THE TASK: Determine which lines of the records include the word "grid", and copy them.

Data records
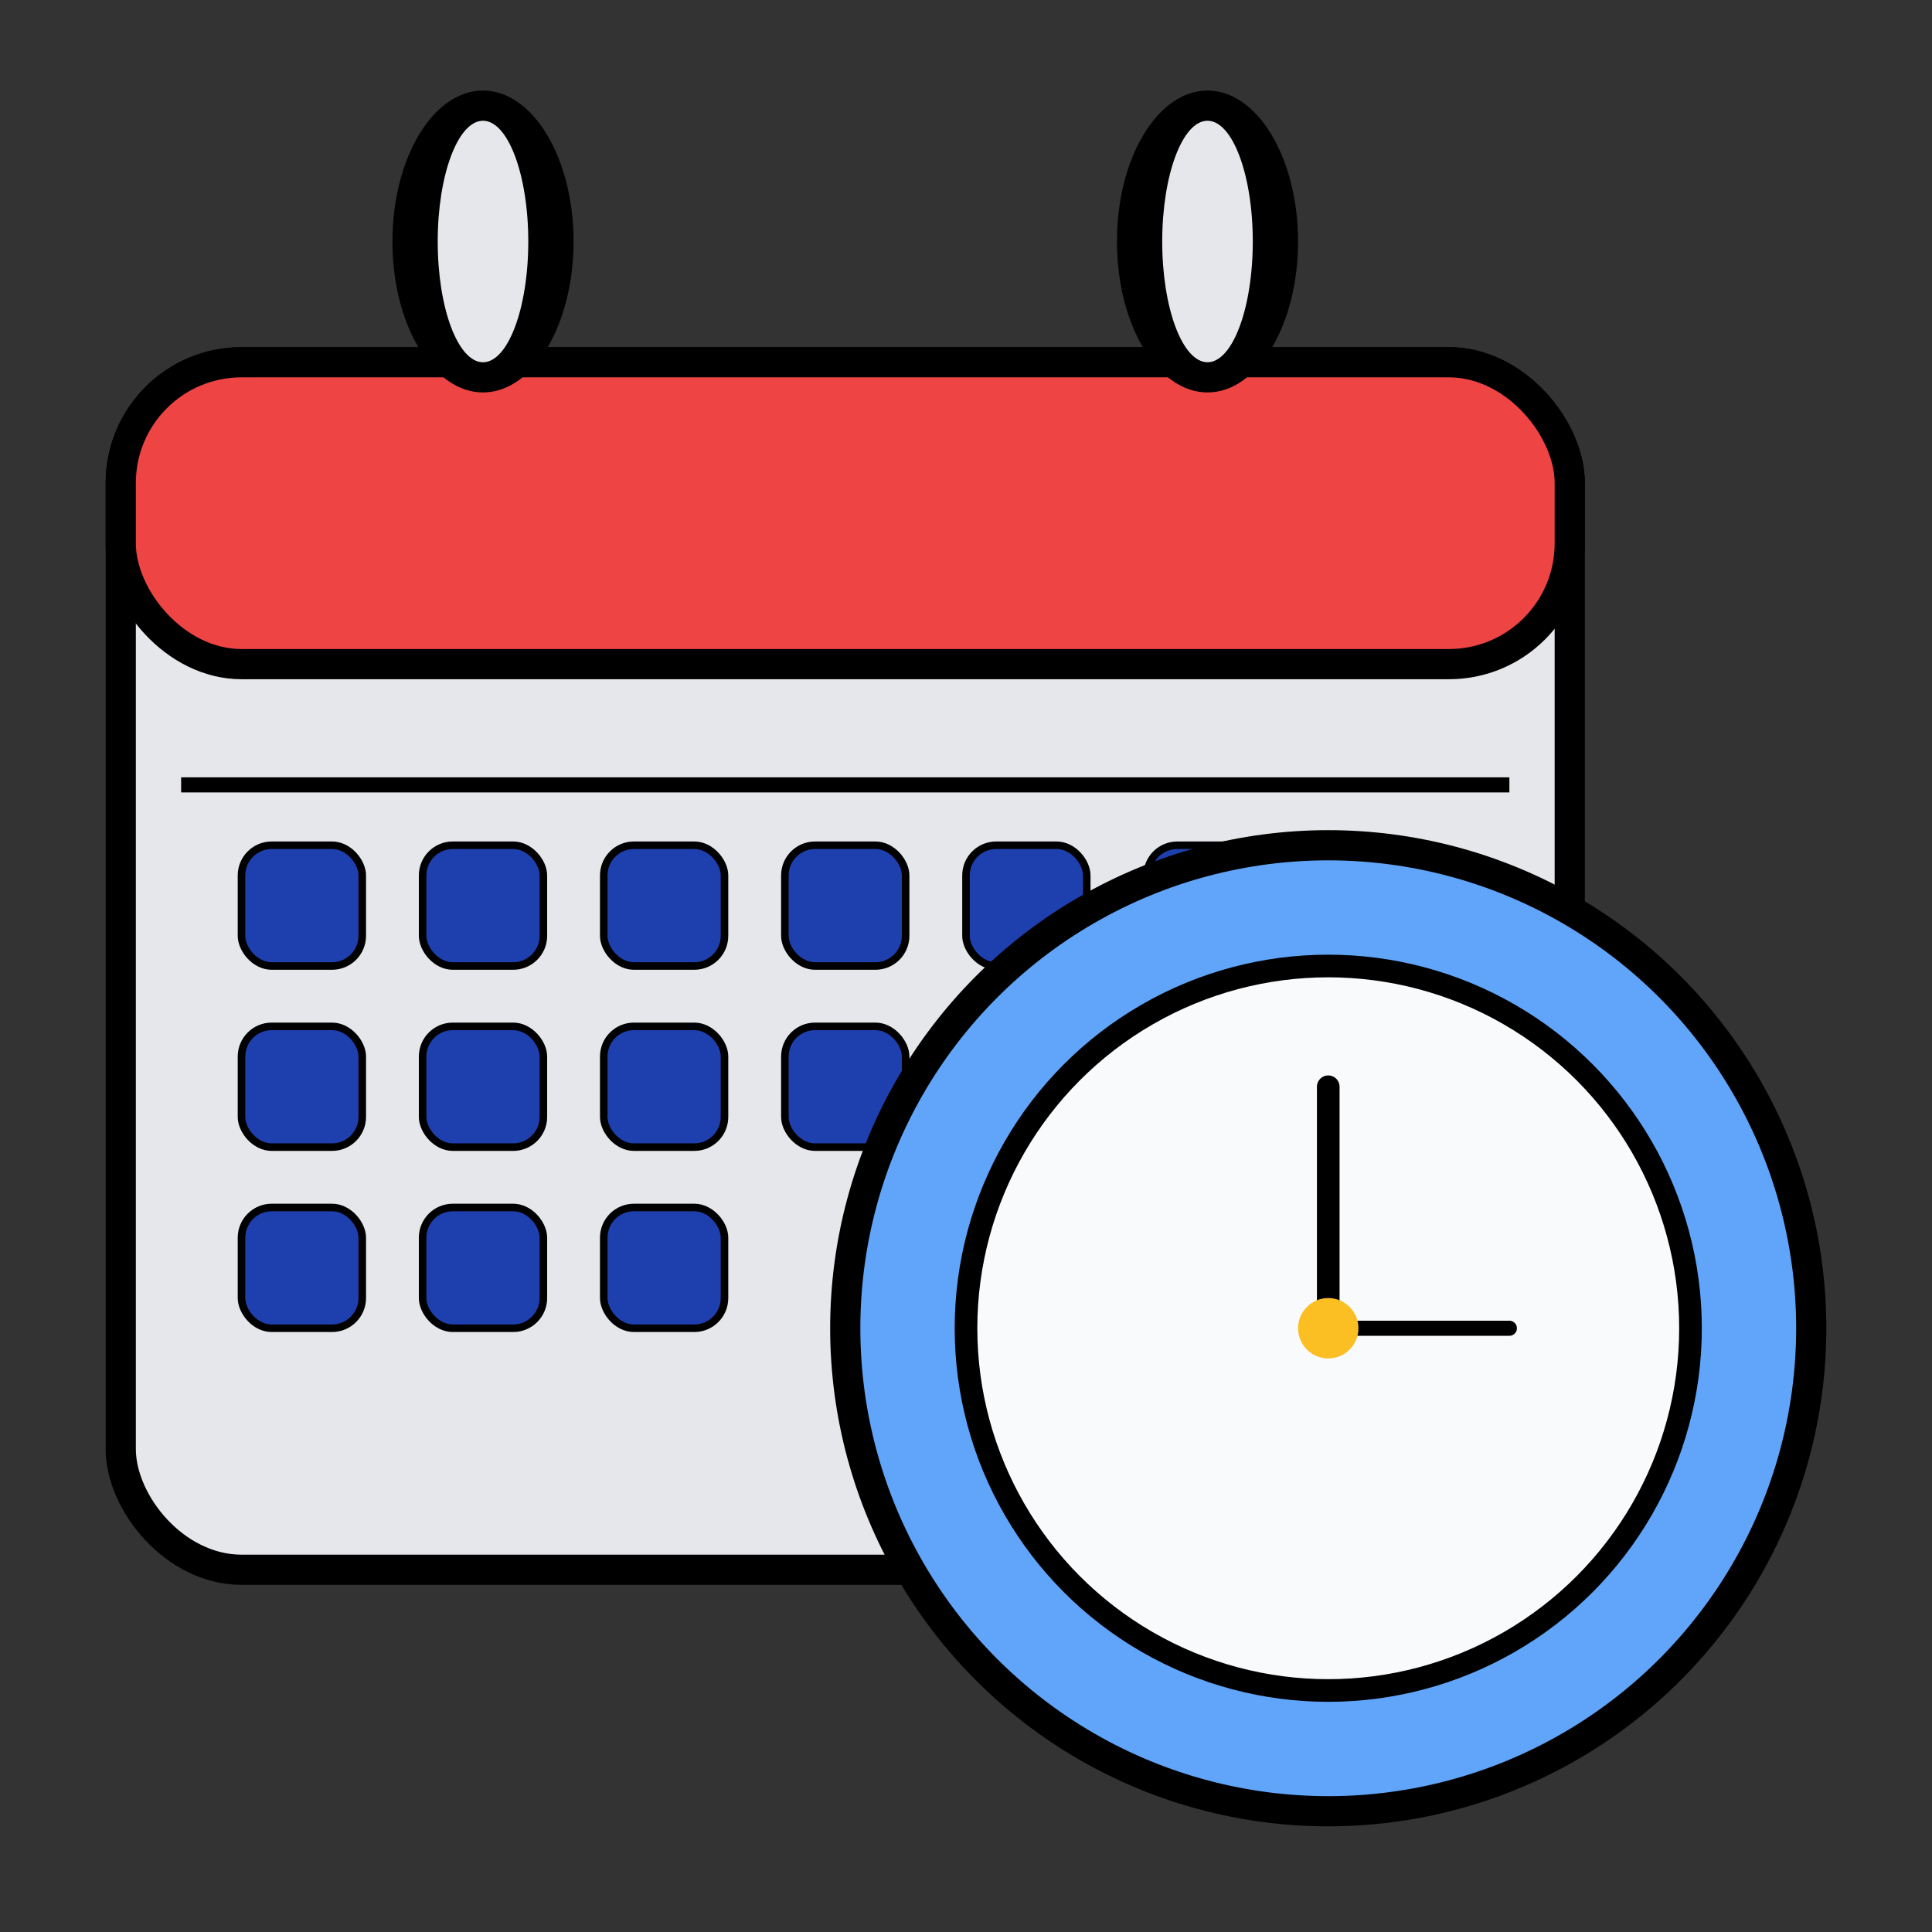 <svg width="512" height="512" viewBox="0 0 512 512" fill="none" xmlns="http://www.w3.org/2000/svg">
  <rect x="0" y="0" width="512" height="512" fill="#333333" stroke="none"/>
  <!-- Calendar background -->
  <rect x="32" y="96" width="384" height="320" rx="32" fill="#e5e7eb" stroke="#000" stroke-width="8"/>
  
  <!-- Calendar header -->
  <rect x="32" y="96" width="384" height="80" rx="32" fill="#ef4444" stroke="#000" stroke-width="8"/>
  
  <!-- Calendar holes/rings -->
  <ellipse cx="128" cy="64" rx="24" ry="40" fill="#000"/>
  <ellipse cx="128" cy="64" rx="12" ry="32" fill="#e5e7eb"/>
  <ellipse cx="320" cy="64" rx="24" ry="40" fill="#000"/>
  <ellipse cx="320" cy="64" rx="12" ry="32" fill="#e5e7eb"/>
  
  <!-- Calendar grid lines -->
  <line x1="48" y1="208" x2="400" y2="208" stroke="#000" stroke-width="4"/>
  
  <!-- Calendar grid squares -->
  <rect x="64" y="224" width="32" height="32" rx="8" fill="#1e40af" stroke="#000" stroke-width="2"/>
  <rect x="112" y="224" width="32" height="32" rx="8" fill="#1e40af" stroke="#000" stroke-width="2"/>
  <rect x="160" y="224" width="32" height="32" rx="8" fill="#1e40af" stroke="#000" stroke-width="2"/>
  <rect x="208" y="224" width="32" height="32" rx="8" fill="#1e40af" stroke="#000" stroke-width="2"/>
  <rect x="256" y="224" width="32" height="32" rx="8" fill="#1e40af" stroke="#000" stroke-width="2"/>
  <rect x="304" y="224" width="32" height="32" rx="8" fill="#1e40af" stroke="#000" stroke-width="2"/>
  
  <rect x="64" y="272" width="32" height="32" rx="8" fill="#1e40af" stroke="#000" stroke-width="2"/>
  <rect x="112" y="272" width="32" height="32" rx="8" fill="#1e40af" stroke="#000" stroke-width="2"/>
  <rect x="160" y="272" width="32" height="32" rx="8" fill="#1e40af" stroke="#000" stroke-width="2"/>
  <rect x="208" y="272" width="32" height="32" rx="8" fill="#1e40af" stroke="#000" stroke-width="2"/>
  
  <rect x="64" y="320" width="32" height="32" rx="8" fill="#1e40af" stroke="#000" stroke-width="2"/>
  <rect x="112" y="320" width="32" height="32" rx="8" fill="#1e40af" stroke="#000" stroke-width="2"/>
  <rect x="160" y="320" width="32" height="32" rx="8" fill="#1e40af" stroke="#000" stroke-width="2"/>
  
  <!-- Clock circle -->
  <circle cx="352" cy="352" r="128" fill="#60a5fa" stroke="#000" stroke-width="8"/>
  <circle cx="352" cy="352" r="96" fill="#f8fafc" stroke="#000" stroke-width="6"/>
  
  <!-- Clock hands -->
  <line x1="352" y1="352" x2="352" y2="288" stroke="#000" stroke-width="6" stroke-linecap="round"/>
  <line x1="352" y1="352" x2="400" y2="352" stroke="#000" stroke-width="4" stroke-linecap="round"/>
  
  <!-- Clock center dot -->
  <circle cx="352" cy="352" r="8" fill="#fbbf24"/>
</svg>

EXPECTED ANSWER:
  <!-- Calendar grid lines -->
  <!-- Calendar grid squares -->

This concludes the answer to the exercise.